● Task brief: Transcribe every record as it stands and set the images aside.
-------- Data for review
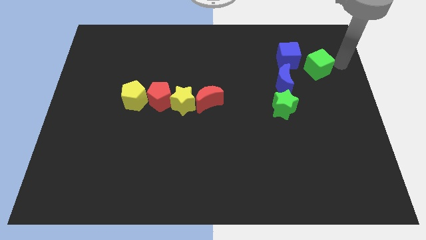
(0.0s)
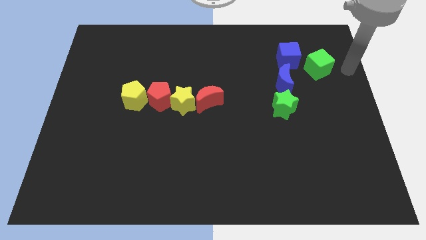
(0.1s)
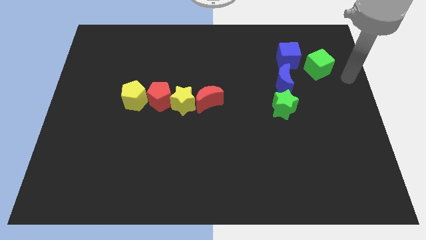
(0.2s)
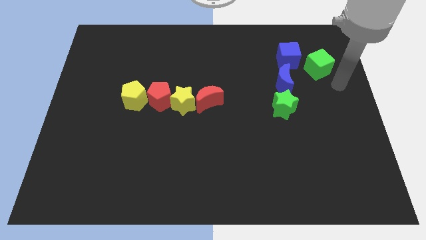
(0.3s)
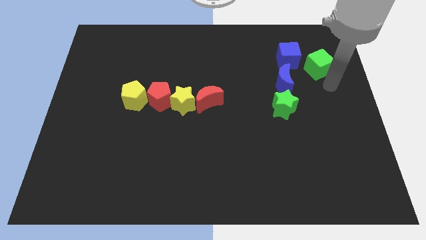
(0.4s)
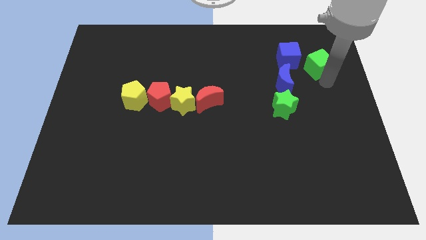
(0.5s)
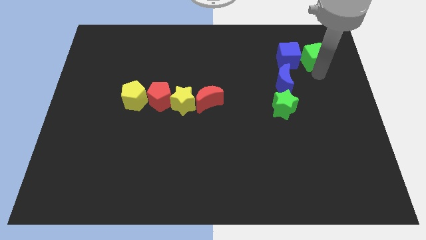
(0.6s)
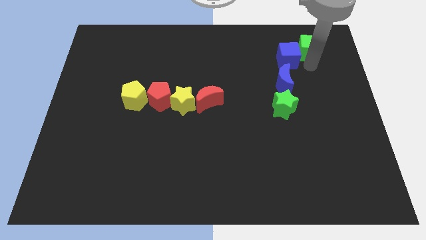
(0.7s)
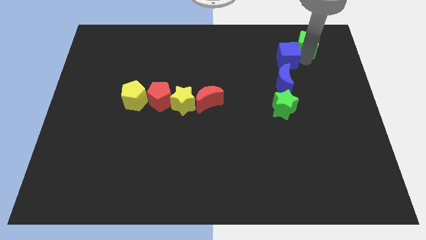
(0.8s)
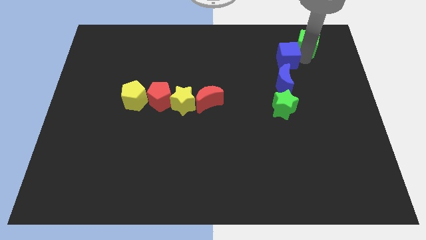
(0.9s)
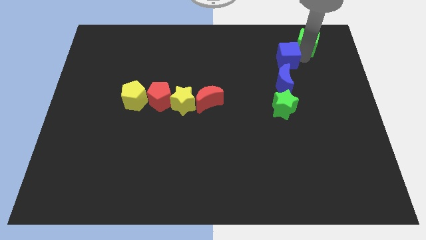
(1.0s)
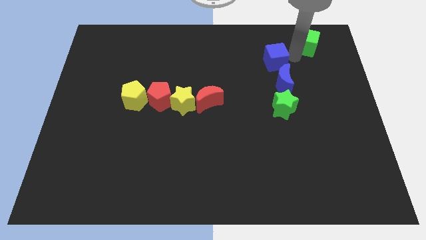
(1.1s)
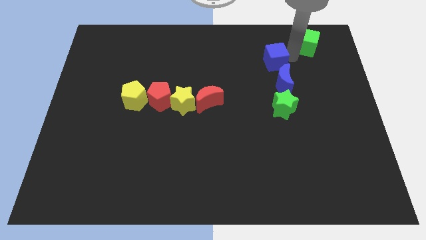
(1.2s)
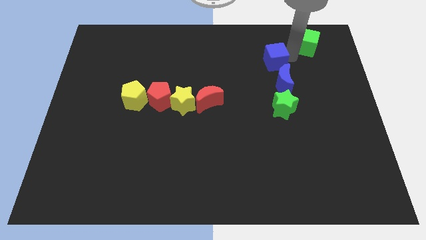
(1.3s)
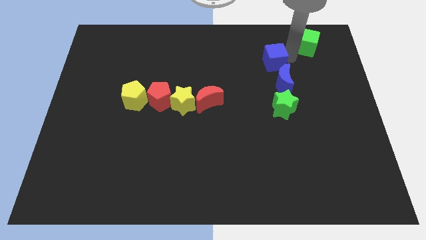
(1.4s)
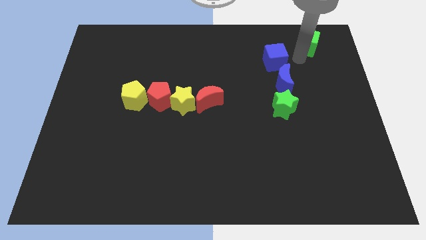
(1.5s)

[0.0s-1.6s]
slightly push the green cube towards the top left of the board
----------------
● Your response:
(0.0s)
(0.1s)
(0.2s)
(0.3s)
(0.4s)
(0.5s)
(0.6s)
(0.7s)
(0.8s)
(0.9s)
(1.0s)
(1.1s)
(1.2s)
(1.3s)
(1.4s)
(1.5s)

[0.0s-1.6s]
slightly push the green cube towards the top left of the board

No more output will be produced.